A generalization of holomorphic functions

Simple counterexample:

Suppose $f(x,y) = u(x,y) + i v(x,y)$ is a holomorphic function. Then it satisfies the Cauchy-Riemann equations \begin{align} u_x = v_y\\ v_x = -u_y \end{align}

Then the function $g(x,y) = \tilde{u}(x,y) + i \tilde{v}(x,y)$ given by \begin{align} \tilde{u}(x,y) = \frac12 u(2x,y) \\ \tilde{v}(x,y) = v(2x,y) \end{align} satisfies \begin{align} \tilde{u}_x = \tilde{v}_y \\ \tilde{v}_x = -4 \tilde{u}_y \end{align} which is the same as $ A.D g = D g.A $ for $$ A = \begin{pmatrix} 0 & -1/4 \\ 1 & 0 \end{pmatrix} $$


This example is obtained geometrically by doing a linear change of variables $(x,y) \mapsto (2x,y)$ on the domain and $(u,v) \mapsto (\frac12 u,v)$ on the co-domain and so all convergence and closure of holomorphic functions carry over unchanged.

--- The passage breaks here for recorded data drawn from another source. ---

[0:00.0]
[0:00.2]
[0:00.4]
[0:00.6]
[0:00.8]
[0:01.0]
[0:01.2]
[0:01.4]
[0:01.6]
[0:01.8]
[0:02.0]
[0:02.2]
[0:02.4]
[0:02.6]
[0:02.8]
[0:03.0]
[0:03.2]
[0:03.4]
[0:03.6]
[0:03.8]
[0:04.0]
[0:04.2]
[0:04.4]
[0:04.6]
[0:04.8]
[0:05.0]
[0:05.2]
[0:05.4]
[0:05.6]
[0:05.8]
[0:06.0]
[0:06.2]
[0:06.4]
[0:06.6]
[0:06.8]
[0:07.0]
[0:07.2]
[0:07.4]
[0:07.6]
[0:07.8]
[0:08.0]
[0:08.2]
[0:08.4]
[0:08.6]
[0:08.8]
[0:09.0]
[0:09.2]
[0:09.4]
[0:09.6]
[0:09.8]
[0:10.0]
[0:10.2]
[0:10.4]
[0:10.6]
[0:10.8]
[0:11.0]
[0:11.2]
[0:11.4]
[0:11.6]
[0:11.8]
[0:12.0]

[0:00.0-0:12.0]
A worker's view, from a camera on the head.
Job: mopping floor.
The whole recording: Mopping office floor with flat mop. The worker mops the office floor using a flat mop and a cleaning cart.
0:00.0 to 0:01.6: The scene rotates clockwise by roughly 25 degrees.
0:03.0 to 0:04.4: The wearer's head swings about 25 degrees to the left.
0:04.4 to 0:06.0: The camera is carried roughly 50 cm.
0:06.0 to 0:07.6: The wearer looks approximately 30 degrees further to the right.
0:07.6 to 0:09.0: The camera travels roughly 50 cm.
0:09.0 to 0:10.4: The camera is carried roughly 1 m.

More generally, the same procedure shows that for any $A$ of the form

$$ A = c P J P^{-1} $$

where $P\in GL(2)$ and $c\in \mathbb{R}_+$ the closure property asked for in the question holds.

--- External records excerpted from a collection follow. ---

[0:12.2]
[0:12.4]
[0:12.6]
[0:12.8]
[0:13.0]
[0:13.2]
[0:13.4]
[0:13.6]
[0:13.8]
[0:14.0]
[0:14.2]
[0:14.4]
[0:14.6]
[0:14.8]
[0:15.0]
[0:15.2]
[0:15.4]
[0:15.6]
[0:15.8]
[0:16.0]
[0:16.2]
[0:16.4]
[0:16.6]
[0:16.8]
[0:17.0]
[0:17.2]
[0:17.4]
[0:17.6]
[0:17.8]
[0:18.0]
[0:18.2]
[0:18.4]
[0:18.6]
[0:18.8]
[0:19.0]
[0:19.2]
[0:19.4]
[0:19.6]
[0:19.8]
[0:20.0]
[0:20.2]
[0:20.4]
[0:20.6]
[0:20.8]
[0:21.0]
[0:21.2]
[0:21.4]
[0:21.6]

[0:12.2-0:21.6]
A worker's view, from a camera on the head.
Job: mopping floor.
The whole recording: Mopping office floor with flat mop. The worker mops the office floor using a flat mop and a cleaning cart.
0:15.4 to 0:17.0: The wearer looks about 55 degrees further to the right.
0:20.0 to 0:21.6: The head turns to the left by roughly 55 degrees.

[Edit to answer this question]:

The correct way to think about the question is that the two copies of $A$ in the equation $A (Df) = (Df) A$ are not the same. One is the complex structure on the domain and the other is the complex structure on the codomain. If you conjugate the complex structure on the domain side ONLY what you get is $$ P A P^{-1} (Df) = (Df) A$$ where the second $A$ is unchanged because it is the complex structure on the codomain. To make the equation work as written, we then do the reverse conjugation on the complex structure of the codomain which changes the equation to $$ PA P^{-1} (Df) = (Df) P A P^{-1}$$ The action on the codomain side is the reverse (given by the inverse matrix) simply because covariance versus contravariance in the equation.